I could be in Krakow, Poland, admiring the magnificent Saint Mary’s Cathedral, where Pope John Paul preached, or in Prague, Lviv, Budapest or Rome, Italy. But I am in old downtown Toledo, Ohio, marveling at St. Patrick’s Historic Catholic Church, one of the oldest in the city. I’ve passed it many times, taking my daughter to and from work. Today I stopped in to take a closer look.
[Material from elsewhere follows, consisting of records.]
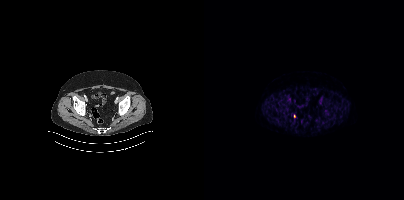
Coordinates are on the 200×200 PET (right) panel. Small PSMA-avid focus (2 to 4 px across) near (center x, center y): (90, 116).
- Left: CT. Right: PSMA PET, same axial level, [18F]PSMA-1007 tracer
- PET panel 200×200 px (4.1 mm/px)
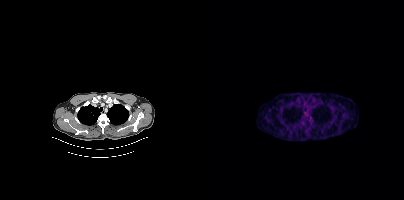
Findings: No tumor lesions annotated on this slice.
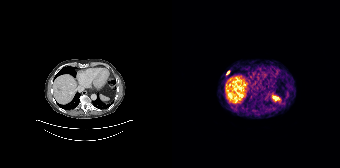
Coordinates are on the 168×168 PET (right) panel. Small PSMA-avid focus (2 to 4 px across) near (center x, center y): (56, 72).
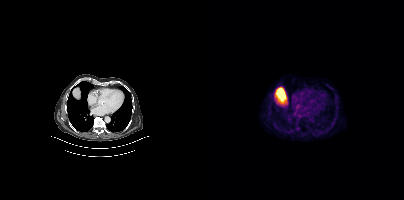
{"modality":"PSMA PET/CT","view":"axial","tracer":"18F","pet_grid":[200,200],"coord_frame":"pet_panel","coord_format":"x0,y0,x1,y1","psma_avid_lesions":false}
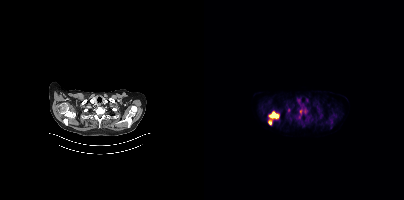
modality: PSMA PET/CT | tracer: 18F | view: axial
Coordinates are on the 200×200 PET (right) panel. PSMA-avid tumor lesion bounding boxes (x, y, width, height): x=65 y=112 w=10 h=7; x=83 y=108 w=4 h=5. Small PSMA-avid foci (2 to 4 px across) near (center x, center y): (66, 122); (101, 110); (96, 111).
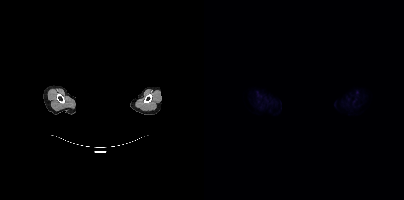
{"pet_grid":[200,200],"coord_frame":"pet_panel","coord_format":"x0,y0,x1,y1","psma_avid_lesions":false,"modality":"PSMA PET/CT","view":"axial","tracer":"18F-PSMA","de-identification":"rectangular block over head set to black"}
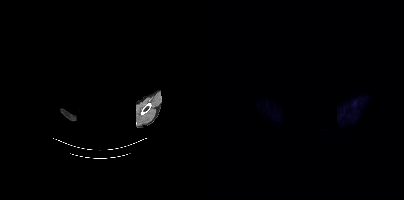
{"pet_grid":[200,200],"coord_frame":"pet_panel","coord_format":"x0,y0,x1,y1","psma_avid_lesions":false,"modality":"PSMA PET/CT","view":"axial","tracer":"[18F]PSMA-1007","deidentification":"head region blanked (face removed)"}
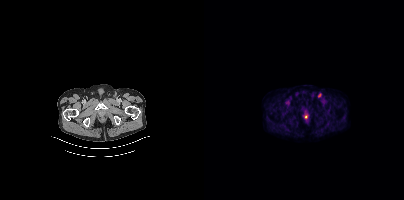
{"modality":"PSMA PET/CT","view":"axial","tracer":"18F-PSMA","pet_grid":[200,200],"coord_frame":"pet_panel","coord_format":"x0,y0,x1,y1","lesion_bboxes":[[114,93,117,97]],"small_foci_centers":[[102,116]]}
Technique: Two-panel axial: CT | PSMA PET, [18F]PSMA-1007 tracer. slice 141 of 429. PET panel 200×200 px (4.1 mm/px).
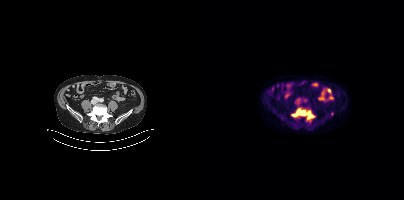
Findings: Coordinates are on the 200×200 PET (right) panel. PSMA-avid tumor lesion bounding box (x0, y0)-(x1, y1): (88, 109)-(109, 118).
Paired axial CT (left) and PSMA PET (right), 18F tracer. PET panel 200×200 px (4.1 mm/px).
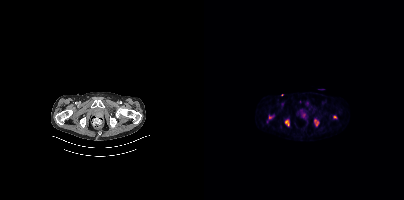
Coordinates are on the 200×200 PET (right) panel. PSMA-avid tumor lesion bounding boxes (x0,y0,x1,y1): [110,119,114,125], [81,120,85,125]. Small PSMA-avid focus (2 to 4 px across) near (center x, center y): (130, 116).
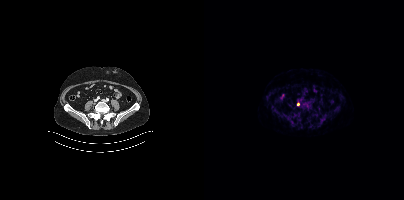
{"modality":"PSMA PET/CT","view":"axial","tracer":"[18F]PSMA-1007","pet_grid":[200,200],"coord_frame":"pet_panel","coord_format":"x0,y0,x1,y1","lesion_bboxes":[],"small_foci_centers":[[94,103]]}
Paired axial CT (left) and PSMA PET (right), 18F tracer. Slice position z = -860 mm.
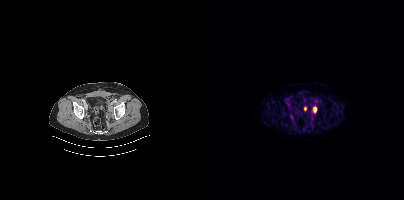
Coordinates are on the 200×200 PET (right) panel. PSMA-avid tumor lesion bounding boxes:
| # | x0 | y0 | x1 | y1 |
|---|---|---|---|---|
| 1 | 108 | 106 | 113 | 113 |
Small PSMA-avid focus (2 to 4 px across) near (center x, center y): (101, 108).
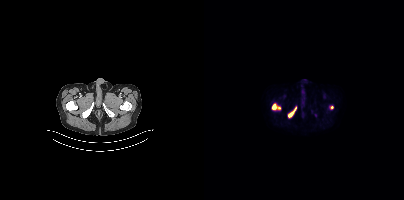
{"modality":"PSMA PET/CT","view":"axial","tracer":"18F-PSMA","pet_grid":[200,200],"coord_frame":"pet_panel","coord_format":"x0,y0,x1,y1","lesion_bboxes":[[68,103,76,109],[84,106,92,117],[125,105,129,109]]}
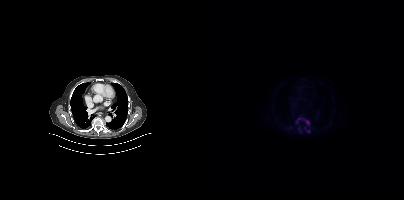
modality: PSMA PET/CT | tracer: [18F]PSMA-1007 | view: axial | PET grid: 200×200
Coordinates are on the 200×200 PET (right) panel. PSMA-avid tumor lesion bounding boxes (x0, y0)-(x1, y1): (100, 119)-(105, 125); (100, 127)-(106, 132); (91, 120)-(95, 124). Small PSMA-avid focus (2 to 4 px across) near (center x, center y): (95, 128).
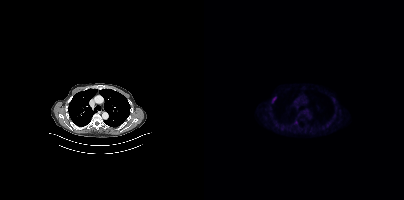
Paired axial CT (left) and PSMA PET (right), [18F]PSMA-1007 tracer. Acquired on Siemens Biograph mCT Flow 20.
Coordinates are on the 200×200 PET (right) panel. PSMA-avid tumor lesion bounding boxes:
| # | x0 | y0 | x1 | y1 |
|---|---|---|---|---|
| 1 | 68 | 97 | 72 | 102 |
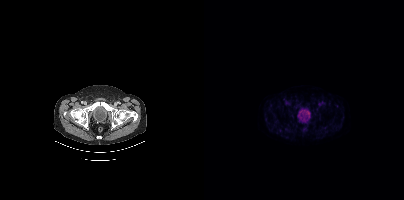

It’s a Gothic cathedral, in the European tradition, smaller but as grand as any I've seen around the world. It has a magnificent 240 foot spire, a complex cylander-shaped beamed ceiling supported by marble columns, a stunning nave, detailed carvings and an elegant entryway, and at least 10 stained glass windows. The church goes back to the early 1860s and the founding of the city. Fire destroyed the original site in the early 1860s; construction on the present church began in 1892.

Today St. Patrick’s is surrounded by public housing, warehouses, industrial sites and trashy lots. It’s seen fire and rain, dwindling numbers of parishioners, urban blight and neighborhood deterioration. It has survived every tragedy to emerge stronger than ever.

After a 1980 fire, the grand copper-domed steeple was rebuilt, soaring into the heavens, summoning the guardian angels who have protected it through the ages. The church has a new terrazzo tile floor inlaid here and there with Irish shamrocks, testimony to its Irish Catholic roots in mid-nineteenth century Toledo. It has a new organ and, as important, strong organizational support, a preservation committee, well-attended weekly services and a myriad of activities. A firefighters’ memorial adds an important element to the church's interior, and reflects St. Patrick's ongoing commitment to the city's workers.

Irish immigrants “built the city from the bottom up,” one history says. They came to the Midwest hoping to farm, but ended up working as laborers. The Irish built the Miami and Erie Canals, then the railroads. They may have been “more interested in saloons than in churches,” as a church historian puts it, but the Irish newcomers, here as elsewhere, built their community around the church. It was their centerpiece, their refuge and salvation. Irish women, who worked as maids or in domestic services, made sure of it.

St. Patrick’s glistens in the summer sun against a blue sky and floating clouds. It looks peaceful and elegant, an oasis in an ever-changing urban landscape. Through good times and bad, St. Patrick’s has remained a steadfast sentinel to persistence and to Toledo’s Irish heritage and early history.